Maharaja Jaswant Singh

Maharaja Jaswant Singh (1851, r.1853-1893)
Maharaja of Bharatpur

Albumen print on carte-de-visite, c. 1875
Size: 4 x 2.5 in. (10.2 x 6.4 cm)

Inscription: HH the Maharajah of Bharatpore

Maharaja Jaswant Singh was born in Deeg on 1st March 1851. He was the only son of Maharaja Balwant Singh and came to power as a minor in 1853. He received full powers in 1871, which were handed to him over by the regent Dhau Gyuii Ram. He married at Patiala on December 1859 with Maharani Bishan Kaur and his second marriage was in 1870 with Darya Kaur.

During his reign they opened a railway and established a cavalry and infantry regiment. The Maharaja was firm in his principles and invariably observed the religious rites and family customs. He took opportunities to visit Nathdwara, Hardwar and Pushkar. He built a temple of Brajendra Bihari at Sewar and regularly attended the service there.
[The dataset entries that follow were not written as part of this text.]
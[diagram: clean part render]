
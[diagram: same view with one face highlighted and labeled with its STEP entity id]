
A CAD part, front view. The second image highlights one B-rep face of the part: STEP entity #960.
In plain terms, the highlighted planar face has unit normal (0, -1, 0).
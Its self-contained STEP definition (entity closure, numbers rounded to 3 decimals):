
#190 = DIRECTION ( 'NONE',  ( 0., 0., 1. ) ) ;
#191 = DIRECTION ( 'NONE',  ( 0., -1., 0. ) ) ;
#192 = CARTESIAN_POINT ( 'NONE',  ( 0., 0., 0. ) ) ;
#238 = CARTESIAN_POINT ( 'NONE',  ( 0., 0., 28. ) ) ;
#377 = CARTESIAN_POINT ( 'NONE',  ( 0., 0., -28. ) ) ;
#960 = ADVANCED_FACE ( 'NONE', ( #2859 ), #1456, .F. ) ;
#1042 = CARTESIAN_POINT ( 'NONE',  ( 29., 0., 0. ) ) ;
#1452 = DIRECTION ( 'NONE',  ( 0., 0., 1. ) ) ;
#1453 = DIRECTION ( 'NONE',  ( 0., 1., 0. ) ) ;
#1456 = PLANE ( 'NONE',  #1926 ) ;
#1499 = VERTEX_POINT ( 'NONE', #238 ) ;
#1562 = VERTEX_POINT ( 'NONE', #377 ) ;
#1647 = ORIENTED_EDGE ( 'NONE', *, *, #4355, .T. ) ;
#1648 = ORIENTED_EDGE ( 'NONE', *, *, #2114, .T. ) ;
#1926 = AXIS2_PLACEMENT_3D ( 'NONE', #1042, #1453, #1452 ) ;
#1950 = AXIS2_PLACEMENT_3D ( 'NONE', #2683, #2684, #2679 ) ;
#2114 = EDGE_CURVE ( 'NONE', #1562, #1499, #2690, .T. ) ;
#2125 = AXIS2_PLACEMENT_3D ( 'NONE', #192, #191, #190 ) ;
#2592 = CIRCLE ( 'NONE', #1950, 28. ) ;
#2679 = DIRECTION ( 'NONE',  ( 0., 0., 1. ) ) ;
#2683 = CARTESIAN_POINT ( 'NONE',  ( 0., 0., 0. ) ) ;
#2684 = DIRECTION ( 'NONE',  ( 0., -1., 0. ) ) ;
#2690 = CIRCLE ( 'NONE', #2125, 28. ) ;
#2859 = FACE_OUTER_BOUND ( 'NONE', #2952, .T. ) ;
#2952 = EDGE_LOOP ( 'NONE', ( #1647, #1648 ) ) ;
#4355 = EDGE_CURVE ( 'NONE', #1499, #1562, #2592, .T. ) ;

After a successful rule of 22 years and in the 42 year of his age he breathed his last on the 12th December 1893 and was succeeded by his son Ram Singh born on the 9th September 1872. He died at the Deeg Palace having had four sons and three daughters. In this portrait the Maharaja, is wearing a traditional outfit with leggings and footwear and isn’t wearing any jewellery but has
heavily embroidered borders on his overcoat. He is sitting on a chair and beside him he has a table with an artefact, books and a curtain draped over it.
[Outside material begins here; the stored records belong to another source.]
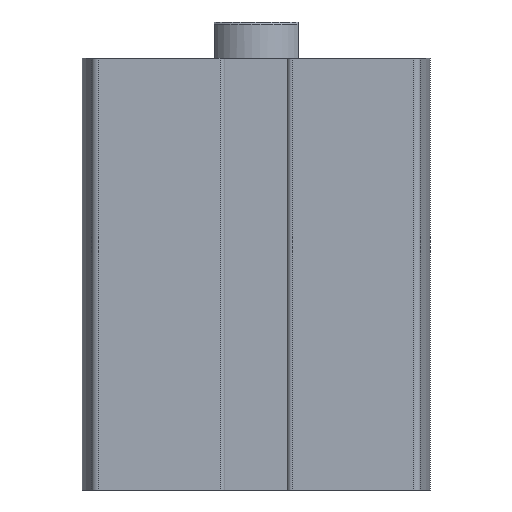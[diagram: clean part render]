
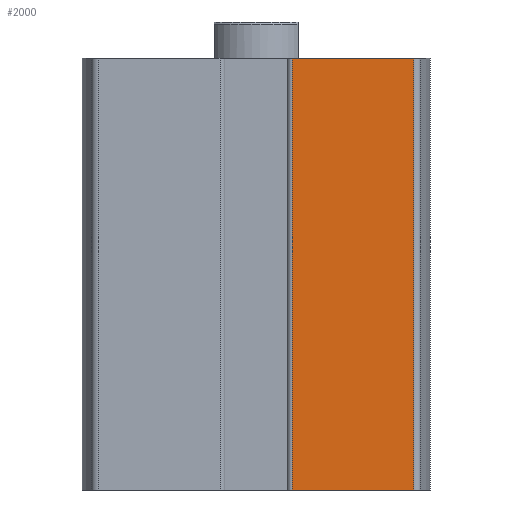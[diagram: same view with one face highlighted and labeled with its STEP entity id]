
A CAD part, front view. The second image highlights one B-rep face of the part: STEP entity #2000.
In plain terms, the highlighted planar face has unit normal (0, -1, 0).
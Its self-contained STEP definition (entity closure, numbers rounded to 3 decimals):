
#256=ORIENTED_EDGE('',*,*,#808,.T.);
#257=ORIENTED_EDGE('',*,*,#809,.F.);
#258=ORIENTED_EDGE('',*,*,#810,.F.);
#259=ORIENTED_EDGE('',*,*,#811,.T.);
#808=EDGE_CURVE('',#1084,#1085,#1289,.T.);
#809=EDGE_CURVE('',#1086,#1085,#1290,.T.);
#810=EDGE_CURVE('',#1087,#1086,#1291,.T.);
#811=EDGE_CURVE('',#1087,#1084,#1292,.T.);
#1084=VERTEX_POINT('',#3121);
#1085=VERTEX_POINT('',#3122);
#1086=VERTEX_POINT('',#3124);
#1087=VERTEX_POINT('',#3126);
#1289=LINE('',#3120,#1423);
#1290=LINE('',#3123,#1424);
#1291=LINE('',#3125,#1425);
#1292=LINE('',#3127,#1426);
#1423=VECTOR('',#2439,1000.);
#1424=VECTOR('',#2440,1000.);
#1425=VECTOR('',#2441,1000.);
#1426=VECTOR('',#2442,1000.);
#1554=EDGE_LOOP('',(#256,#257,#258,#259));
#1750=FACE_BOUND('',#1554,.T.);
#1947=PLANE('',#2158);
#2000=ADVANCED_FACE('',(#1750),#1947,.F.);
#2158=AXIS2_PLACEMENT_3D('',#3119,#2437,#2438);
#2437=DIRECTION('',(0.,1.,0.));
#2438=DIRECTION('',(0.,0.,1.));
#2439=DIRECTION('',(1.,0.,0.));
#2440=DIRECTION('',(0.,0.,-1.));
#2441=DIRECTION('',(1.,0.,0.));
#2442=DIRECTION('',(0.,0.,-1.));
#3119=CARTESIAN_POINT('',(-13.129,-14.5,36.));
#3120=CARTESIAN_POINT('',(-13.129,-14.5,0.));
#3121=CARTESIAN_POINT('',(3.,-14.5,0.));
#3122=CARTESIAN_POINT('',(13.129,-14.5,0.));
#3123=CARTESIAN_POINT('',(13.129,-14.5,36.));
#3124=CARTESIAN_POINT('',(13.129,-14.5,36.));
#3125=CARTESIAN_POINT('',(-13.129,-14.5,36.));
#3126=CARTESIAN_POINT('',(3.,-14.5,36.));
#3127=CARTESIAN_POINT('',(3.,-14.5,36.));

Pusapati Vijayarama Gajapati Raju III

Pusapati Vijayarama Gajapati Raju III (1826, r.1845-1879)
Maharaja of Vizianagram

Albumen print on carte-de-visite, c. 1875
Size: 4 x 2.5 in. (10.2 x 6.4 cm)

Inscription: HH the Maharajah of Vizianagram

Pusapati Vijayarama Gajapathi Raju III laid the basic structure for the cultural edifice of Vizianagaram which was later expanded by his son. Vijayarama has been credited to transforming Vizianagaram into an Educational Centre. Vizianagaram is named after him and is spelled with a ‘Z’ to differentiate it from the Vijayanagar Dynasty in Hampi.

Vijayarama’s reign also experienced various developmental works like roadways, schools etc in Vizianagaram. It is observed that ‘he was a prince’, handsome in mien and enlightened in mind, a poet and a scholar, an athlete and man-of-letters, a musician, a virtuoso. The Duke of Buckingham addressed him as ‘Prince Charming’ which was a just testimony to his physical beauty. He and his illustrious son- Ananda Gajapati, had a distinction of being the only father and son to be the members of viceroy council at the same time.
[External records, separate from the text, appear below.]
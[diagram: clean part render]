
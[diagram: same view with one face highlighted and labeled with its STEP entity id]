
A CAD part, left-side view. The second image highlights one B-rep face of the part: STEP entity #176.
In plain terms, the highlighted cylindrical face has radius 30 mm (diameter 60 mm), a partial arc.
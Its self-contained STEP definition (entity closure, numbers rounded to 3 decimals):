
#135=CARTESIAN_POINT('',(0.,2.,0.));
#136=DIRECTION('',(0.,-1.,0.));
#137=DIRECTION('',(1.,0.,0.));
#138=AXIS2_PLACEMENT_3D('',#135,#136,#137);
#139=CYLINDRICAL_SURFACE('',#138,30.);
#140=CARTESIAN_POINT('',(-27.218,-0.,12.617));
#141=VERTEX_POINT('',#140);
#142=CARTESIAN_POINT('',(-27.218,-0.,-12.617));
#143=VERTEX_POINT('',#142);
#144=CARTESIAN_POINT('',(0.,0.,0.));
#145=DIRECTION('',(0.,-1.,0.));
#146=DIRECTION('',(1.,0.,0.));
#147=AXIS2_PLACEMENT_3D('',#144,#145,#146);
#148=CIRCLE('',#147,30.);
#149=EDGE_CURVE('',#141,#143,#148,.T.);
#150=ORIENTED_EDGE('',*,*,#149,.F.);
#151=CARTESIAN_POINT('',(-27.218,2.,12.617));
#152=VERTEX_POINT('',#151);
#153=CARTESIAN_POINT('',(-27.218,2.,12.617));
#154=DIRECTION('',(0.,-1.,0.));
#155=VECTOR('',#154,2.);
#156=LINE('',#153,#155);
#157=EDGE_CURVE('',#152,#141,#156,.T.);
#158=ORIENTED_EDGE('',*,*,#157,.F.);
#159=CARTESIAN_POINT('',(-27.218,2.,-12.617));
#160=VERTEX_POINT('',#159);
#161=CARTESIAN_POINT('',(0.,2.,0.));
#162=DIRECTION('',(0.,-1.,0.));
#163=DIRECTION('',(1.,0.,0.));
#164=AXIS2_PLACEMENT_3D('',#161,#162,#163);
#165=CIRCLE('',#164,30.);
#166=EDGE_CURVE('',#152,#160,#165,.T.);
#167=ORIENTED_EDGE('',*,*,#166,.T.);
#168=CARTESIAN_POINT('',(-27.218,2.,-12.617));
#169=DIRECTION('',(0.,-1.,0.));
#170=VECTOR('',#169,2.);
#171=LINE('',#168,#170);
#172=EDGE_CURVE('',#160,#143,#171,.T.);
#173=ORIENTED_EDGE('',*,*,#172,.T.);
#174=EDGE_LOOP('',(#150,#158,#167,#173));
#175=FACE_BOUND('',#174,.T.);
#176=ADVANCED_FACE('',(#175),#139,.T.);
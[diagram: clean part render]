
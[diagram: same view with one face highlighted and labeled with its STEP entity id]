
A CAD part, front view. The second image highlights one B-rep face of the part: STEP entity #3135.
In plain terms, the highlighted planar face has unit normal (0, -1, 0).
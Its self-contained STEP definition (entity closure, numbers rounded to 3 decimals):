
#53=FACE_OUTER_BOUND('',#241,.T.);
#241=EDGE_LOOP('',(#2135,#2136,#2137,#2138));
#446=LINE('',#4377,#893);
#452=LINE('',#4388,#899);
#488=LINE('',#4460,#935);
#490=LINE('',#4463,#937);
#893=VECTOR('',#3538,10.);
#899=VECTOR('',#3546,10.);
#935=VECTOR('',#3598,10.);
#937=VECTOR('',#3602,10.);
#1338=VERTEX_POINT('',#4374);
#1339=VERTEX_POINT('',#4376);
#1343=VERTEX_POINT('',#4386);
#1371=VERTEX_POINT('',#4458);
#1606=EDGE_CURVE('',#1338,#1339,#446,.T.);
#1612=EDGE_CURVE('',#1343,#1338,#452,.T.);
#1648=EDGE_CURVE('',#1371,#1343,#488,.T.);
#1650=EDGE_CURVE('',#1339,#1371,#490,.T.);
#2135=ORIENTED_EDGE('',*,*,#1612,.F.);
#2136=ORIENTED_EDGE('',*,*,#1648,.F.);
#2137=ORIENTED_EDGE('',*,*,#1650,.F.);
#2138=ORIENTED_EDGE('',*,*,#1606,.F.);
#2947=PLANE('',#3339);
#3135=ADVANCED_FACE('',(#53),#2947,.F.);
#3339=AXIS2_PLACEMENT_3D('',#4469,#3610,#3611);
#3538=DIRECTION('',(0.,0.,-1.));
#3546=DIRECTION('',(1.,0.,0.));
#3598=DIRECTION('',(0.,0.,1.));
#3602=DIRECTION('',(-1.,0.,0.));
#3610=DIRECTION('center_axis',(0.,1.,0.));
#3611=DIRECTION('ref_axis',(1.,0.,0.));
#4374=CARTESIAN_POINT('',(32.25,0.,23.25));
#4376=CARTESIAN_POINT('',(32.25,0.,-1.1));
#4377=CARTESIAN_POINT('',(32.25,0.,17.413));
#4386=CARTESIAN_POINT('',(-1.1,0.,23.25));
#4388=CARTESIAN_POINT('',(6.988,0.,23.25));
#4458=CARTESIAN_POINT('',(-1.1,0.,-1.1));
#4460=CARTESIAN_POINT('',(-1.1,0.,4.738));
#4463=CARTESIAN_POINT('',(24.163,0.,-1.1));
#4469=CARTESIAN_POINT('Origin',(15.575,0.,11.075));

In this image we can see the Maharaja standing in an upright position and looking towards his right. His right hand is rested on his belt and left hand clasping a sword. He is wearing an embroidered coat with leggings, hunting boots and a hat with feather. The background has a backdrop curtain, a pedestal pillar with a sculpture and on the right, there is a hint of a chair.

Maharaja Nihal Singh

Maharaja Nihal Singh (1863, r.1873-1901)
Maharaj Rana of Dholpur

Albumen print on carte-de-visite, c. 1875
Size: 4 x 2.5 in. (10.2 x 6.4 cm)

Inscription: HH Maharana of Dholepore

Nihal Singh was the Jat ruler of Dholpur state in Rajasthan. He was the son of Kulender Singh and Basant Kaur, daughter of Maharaja Narender Singh of Patiala. Kulender Singh died young when Nihal Singh was 5 years old. He succeeded to the throne on the death of his grandfather in Feb 1873. His mother became the regent till he came of age and was then invested with full ruling powers in 1884. He married on 30th April 1879, the second daughter of Shah Dev Singh of Pandriganeshpur in Lahore and had an issue. He was popular as ‘Pyare Raja Saheb’. He assisted the British during the Tirah expedition in 1882, becoming one of the first Indian to secure a commission and to serve in person in a Royal regiment.

Under his leadership, Dholpur had one of the most modern infrastructure facilities in all of the princely states of India. He was succeeded by Maharaj Rana Ram Singh.

In this picture, we see a young Maharaja, around ten years old, standing and resting his arms on a fringed chair and on the table behind him, lays a book. He is most likely wearing the ceremonial attire of his clan; dressed up by necklaces of varying length and elaborate earrings with jewels incrusted head gear.


Maharaja Bhagwant Singh

Maharaja Bhagwant Singh (1824, r.1836-1873)
Maharaj Rana of Dholpur

Albumen print on carte-de-visite, c. 1870
Size: 4 x 2.5 in. (10.2 x 6.4 cm)

Inscription: HH the late Maharana of Dholepore

Rana Bhagwant Singh was the Jat ruler of the princely state of Dholpur in Rajasthan. He was from the Bamraulia gotra of Jats and succeeded his father, Kirat Singh the first Maharaja Rana of Dholpur. He came to the throne in 1836 and continued to govern under British protection.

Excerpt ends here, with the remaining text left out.